I am going to bet this is because the breeder doesn't have any papers for this puppy!!! If one of the puppies parents isn't AKC registered, there is NO way to register the puppy AKC- unless the breeder told you the puppy would be registered with a different registry-


----------



## good buddy

I believe she had mentioned the pup was UKC. I guess that could be United Kennel Club or Universal Kennel Club. I _think_ Universal Kennel Club takes all or any breeds including mixes.


----------



## mimismom

Wow! What a mess... I hope that everything gets worked out. 

She seems sweet! (the pup that is)


----------



## harrach

The name of the sire that the breeder gave me is Deppes Angus Boldly Goes. I looked him up on the AKC site (he's supposed to be AKC) but I couldn't find any info. Can someone who knows what they are doing look him up and tell me whatever info they can find? Thanks


----------



## marjrc

Hello Harrach and welcome to you and to your sweet Penny Lane! I'm sorry you are facing problems with dealing with the breeder. Since you wouldn't be able to show your puppy anyway, the papers may not be at all important. It would be nice, though, if you could check if the parents passed some of the health tests that are recommended. You can find that out at www.offa.org Enter the "official" name of either or both parents and see what comes up.

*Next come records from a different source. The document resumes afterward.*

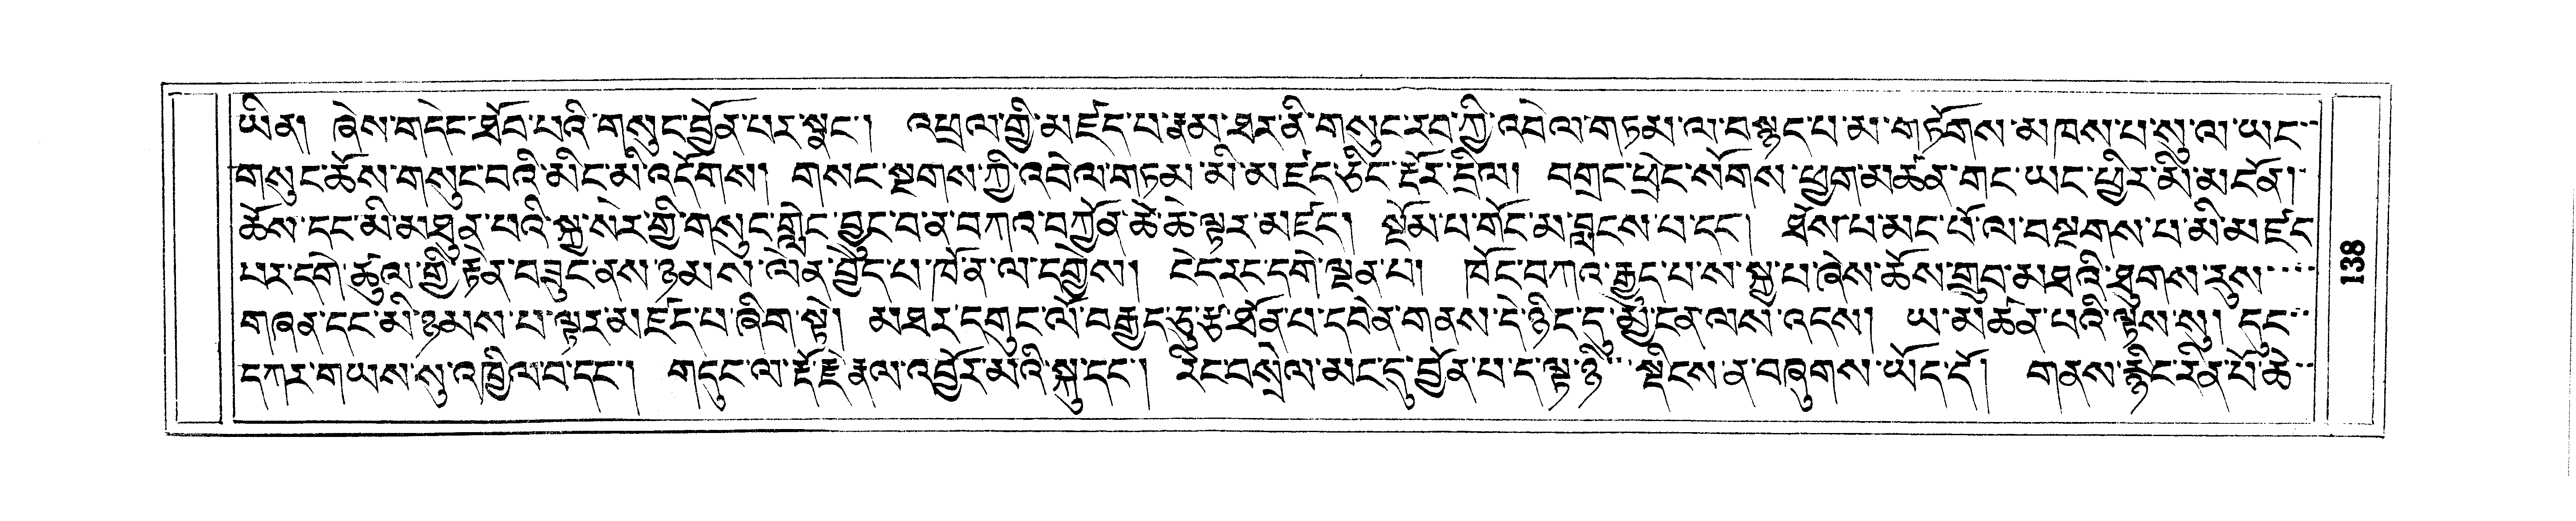ཡིན། ཞེས་གདེང་ཐོབ་པའི་གསུང་བྱོན་པར་སྣང་། འཕྲལ་གྱི་མཛད་པ་རྣམ་ཐར་ནི་གསུང་རབ་ཀྱི་འབེལ་གཏམ་ལ་བསྙད་པ་མ་གཏོགས་མཁས་པ་སུ་ལ་ཡང་
གསུང་ཆོས་གསུངས་བའི་མིང་མི་འདོགས། གསང་སྔགས་ཀྱི་འབེལ་གཏམ་མི་མཛད་ཅིང་རྡོར་དྲིལ། བགྲང་ཕྲེང་སོགས་ཕྱག་མཚན་གང་ཡང་ཕྱིར་མི་མངོན།
ཆོས་དང་མི་མཐུན་པའི་སྐྱ་སེར་གྱི་གསུང་གླེང་བྱུང་བ་ན་བཀའ་བཀྱོན་ཆེ་ཆེ་ལྟར་མཛད། སྔོམ་པ་གོང་མ་བླངས་པ་དང་། ཐོས་པ་མང་པོ་ལ་བསྔགས་པ་མི་མཛད་
པར་དགེ་ཚུལ་གྱི་རྟེན་བཟུང་ནས་ཉམས་ལེན་བྱེད་པ་ཁོ་ན་ལ་དགྱེས། ངེད་རང་དགེ་ལྡན་པ། ཁོང་བཀའ་རྒྱུད་པ་ས་སྐྱ་པ་ཞེས་ཆོས་གྲུབ་མཐའི་ཐུགས་རུས་
གཞན་དང་མི་ཉམས་པ་ལྟར་མཛད་པ་ཞིག་སྟེ། མཐར་དགུང་ལོ་བརྒྱད་ཅུ་རྩ་ཐོན་པ་དབེན་གནས་དེ་ཉིད་དུ་མྱ་ངན་ལས་འདས། ཡ་མཚན་པའི་ལྟས་སུ། དུང་
དཀར་གཡས་སུ་འཁྱིལ་བ་དང་། གདུང་ལ་རྡོ་རྗེ་རྣལ་འབྱོར་མའི་སྐུ་དང་། རིང་བསྲེལ་མང་དུ་བྱོན་པ་ད་ལྟ་ཉི་སྡིངས་ན་བཞུགས་ཡོད་དོ། གནས་རྙིང་རིན་པོ་ཆེ་

You can also try the breeder's name, but I wouldn't hold my breath. Something tells me that she couldn't have been bothered with health testing her dogs. Either way, so long as your sweet girl is healthy and gives you joy, that is what counts in the end. She's a cutie pie!


----------



## Havtahava

harrach said:


> The name of the sire that the breeder gave me is Deppes Angus Boldly Goes. I looked him up on the AKC site (he's supposed to be AKC) but I couldn't find any info. Can someone who knows what they are doing look him up and tell me whatever info they can find? Thanks


I'm not sure what you mean when you say you looked him up on the AKC site. What are you trying to find there? That will only give you (show) point information.

I found your breeder's web site pretty easily with that information. Being that she is in one of the big puppy mill states, has a lot of dogs in more than one breed (13 Havs prominantly featured on her site), doesn't care about conformation (photos show that and so do her notes of "champion sire" or "both champion parents" of her breeding dogs), and doesn't recognize or acknowlege a short-haired Havanese, I'm not sure you're going to get much out of her.

At this point, what do you want from her? I doubt you'll ever get AKC or UKC papers from her, but if you want to push for a partial refund for misrepresentation and/or overcharging, that may be the avenue to pursue.


----------



## luv3havs

I'd go for the partial refund for misrepresentation and/or overcharging that Kimberly suggested.

She shouldn't be allowed to get away with this deceptive behavior.

Although you love your dog and she is adorable, she is not what you signed on for and paid for.
I hope you go to small claims court as you previously mentioned.


----------



## Renee

Don't forget the Better Business Bureau. Gives her another "black" mark if people are researching her. Also, how about a well written letter to the editor in her town?? She shouldn't be allowed to get away with this. I would let her know the steps you're going to take if she doesn't issue you a partial refund. It was clearly misrepresenation.


----------



## Pixiesmom

This whole thing stinks on ice-I'm really sorry you're going through this. 
Your puppy is adorable though. I really hope it all works out for you.


----------



## Havtahava

harrach said:


> The part that I'm not happy about is that I paid $2,200 for her. And the breeder is denying that she's a Shavanese AND also mentioned something about a lawyer in her last email to me.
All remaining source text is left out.